Read this: AI is training itself on Hollywood's subtitles more than its scripts
A report from The Atlantic found every Best Picture nominee from 1950 to 2016, at least 616 episodes of The Simpsons, and more in an AI training set.
Screenshot: NetflixNot even those crazy, could-only-come-from-a-human-brain subtitles like “tentacles roiling wetly” from Stranger Things are safe from the AI slop pile. A new report from The Atlantic asserts that scriptwriters anxious about their hard work and proprietary content being used to train the thing that’s trying to take their jobs really have nothing to worry about. It’s just using the subtitles that capture the language they wrote with their human hearts and human brains, not the scripts themselves. See? Much better!
According to the outlet, subtitles from approximately 53,000 movies and 85,000 TV episodes were found in a large AI-training data set used by Apple, Anthropic, Meta, Nvidia, Salesforce, Bloomberg, and more. Among those titles are reportedly every film nominated for Best Picture from 1950 to 2016, at least 616 episodes of The Simpsons, 170 episodes of Seinfeld, 45 episodes of Twin Peaks, and every episode of The Wire, The Sopranos, and Breaking Bad. The set also includes data from books, YouTube video captions, and even subtitles capturing prewritten dialogue from various awards shows.
Wanna see if your favorite film or show is included in the set? The Atlantic has a search tool included in their report. (It probably is.)
All of this data comes from a site called OpenSubtitles.org, which started with a noble purpose—to aid Google Translate and other translation tools—but seems like it has always been a bit sketchy copyright-wise. At least someone’s happy about this development; Jörg Tiedemann, one of the data set’s creators, reportedly told The Atlantic that he was perfectly fine with OpenSubtitles being used to further erode the hard work of writers rooms even though that was not his original intention.

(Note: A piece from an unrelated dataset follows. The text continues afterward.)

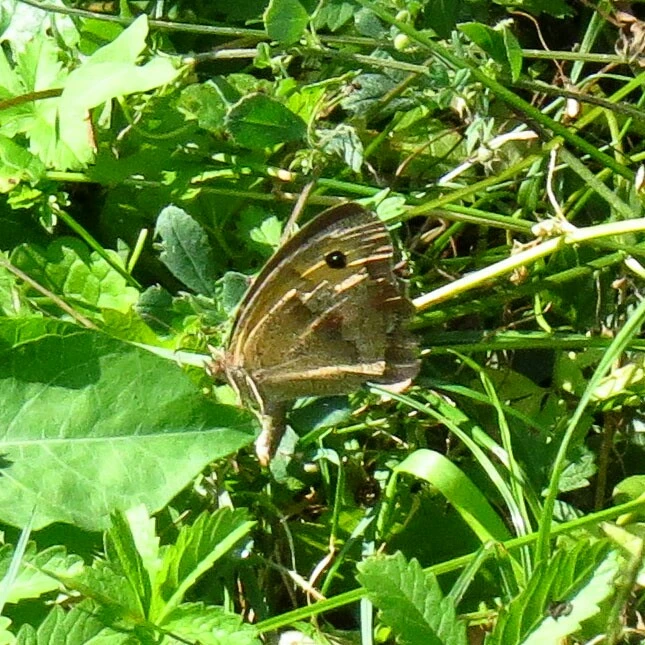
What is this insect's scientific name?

So why use subtitles instead of actual screenplays? According to the outlet, subtitles are “valuable because they’re a raw form of written dialogue” that mirror the rhythms and intricacies of spoken conversation. “Well-written speech is a rare commodity in the world of AI-training data, and it may be especially valuable for training chatbots to ‘speak’ naturally,” the report continues. All of which begs the question: if this technology so desperately needs to steal others’ “well-written speech” to use its own voice, should it really be speaking at all?